How Music Helps Treat Insomnia

Sleep is a significant part of an individual’s life. Studies indicate that people spend more than a third of their lives in bed sleeping. Lack of it can result in stress, depression, and high anxiety levels. This impacts negatively on your daily activities and responsibilities. You may end up getting into accidents as a result of sleep deprivation. Besides, it lowers productivity and increases absenteeism primarily if employed.

The need for deep sleep that offers you a chance to rest and rejuvenate your body remains. There are many therapeutic options for insomnia at your disposal. However, they come with a variety of side effects. In addition, sometimes, it does not work for all and may cause overdependence, addiction, and sometimes, severe withdrawal effects.

Why choose music?

Music has several benefits to an individual. It not only provides relief but also has no side effects attached to listening to music. Music allows you to sleep peacefully, for longer and you wake fully rested. Besides, it has no adverse impacts and no possibility of becoming addicted.

How do music and sleep work?

You can think of it as music therapy for patients or individuals with insomnia. For it to work, you should listen to music for around 45 minutes before going to bed. The music slows down your heart rate, induces relaxation in your mind and muscles. As a result, you end up falling asleep much faster than you would normally.

Not all types of music genres enhance your sleep. Songs for sleep induction should have slow rhythms. Soft music or classical songs with beats of around 50 times or 60 times in a single minute are advisable.

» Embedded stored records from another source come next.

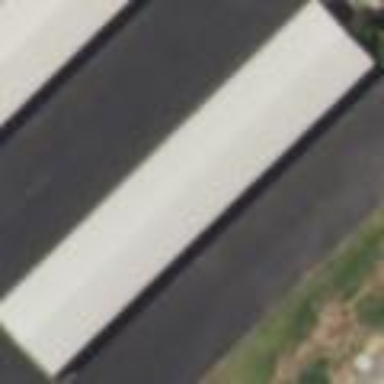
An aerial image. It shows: Hangar building located at airport.
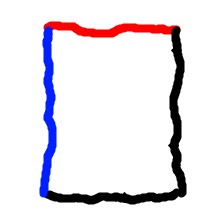
Shape: rectangle
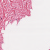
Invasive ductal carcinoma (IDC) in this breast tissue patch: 0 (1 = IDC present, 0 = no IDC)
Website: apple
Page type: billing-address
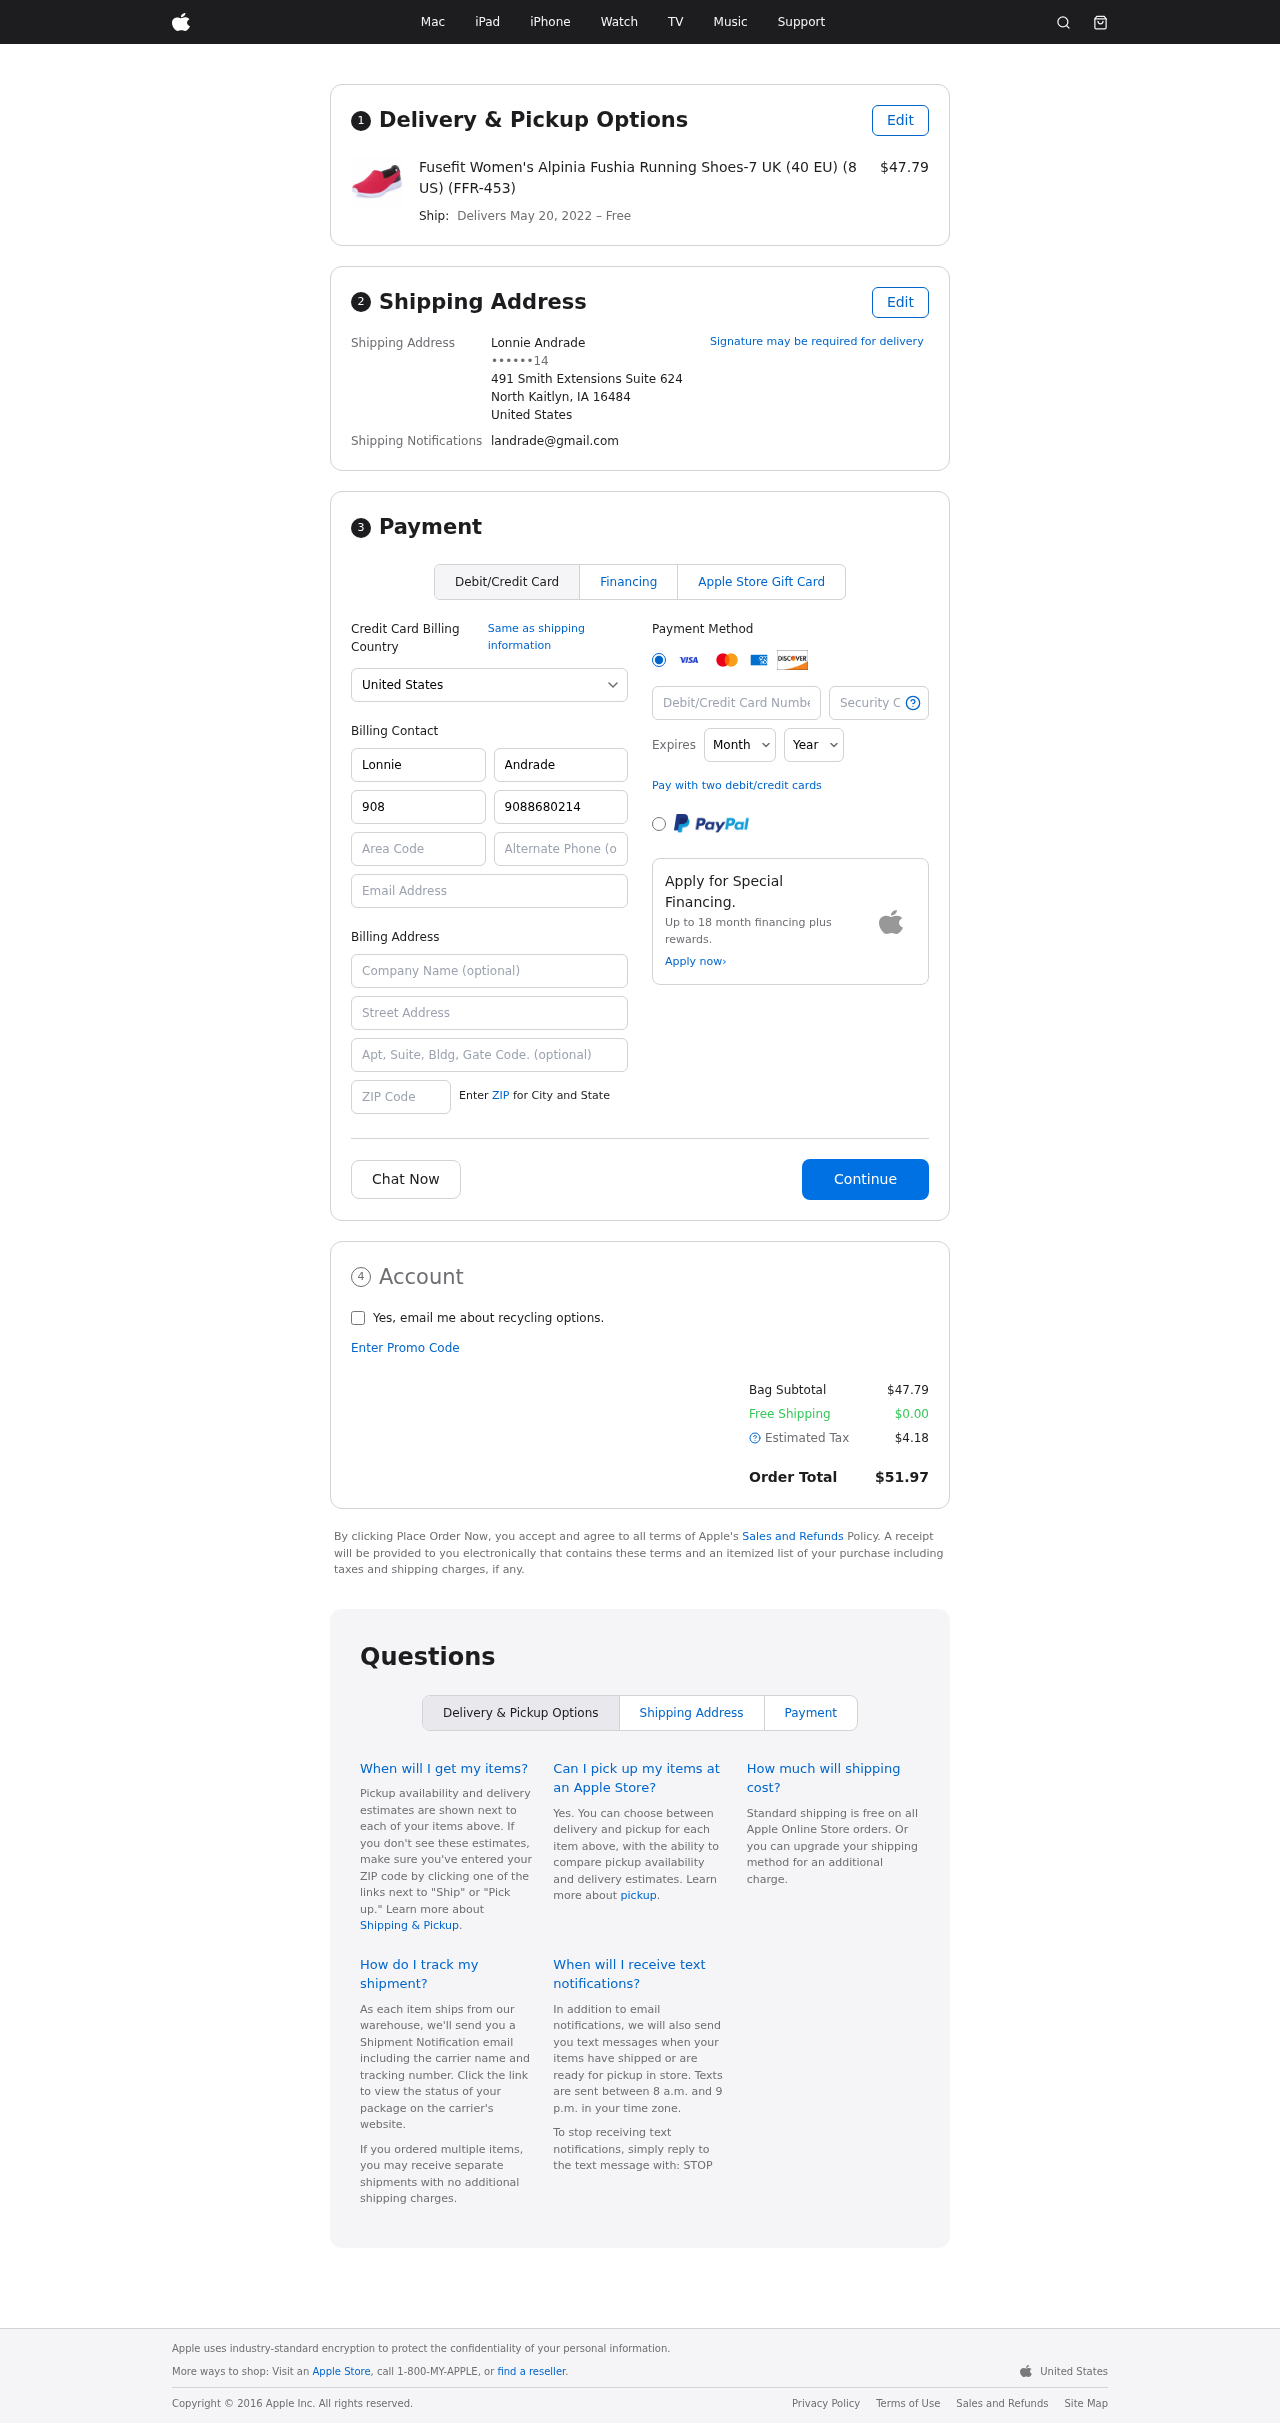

Music that mimics the natural environment, such as the ocean or river flow also works well. However, the best selection is lullabies, waltzes, and blues. These songs have different tones and rhythmic patterns that work with your brain, helping you fall asleep much faster. Also, it aids you to reach the REM (rapid eye movement) stage quickly and stays for longer delivering your need for rest effectively.

For it to work efficiently, put on the music as you prepare to go to bed. Ensure you set a timer to switch it off after a while so that it does not wake you later in the night. Ensure the timer is set around 15minutes to 45 minutes after you sleep. This is wholly dependent on your sleeping pattern or habits.

Music or song selection 

People have different music preferences, whether it is for entertainment and above all if it is to induce sleep. There are several elements that you should take into consideration before selecting the perfect song for your sleep therapy. These include:

  • Choosing a song that you identify with or is familiar to you.
  • Ensuring that the song has the right tempo, low frequency about the music tone and above all has a relaxing melody.
  • Try different genres before settling on one. Some may require slow melodies while others sleep through loud songs with fast beats. Find which song works for and convert it to mp3 using the youtube to mp3 converter. It will prevent distraction of video playbacks for better sleep.

It is essential to ensure consistency in your sleep routine. Once you start listening to music, be sure to keep on that specific trend. The body has a controller which enables it to prepare to sleep once you put the music on as it is already used to it.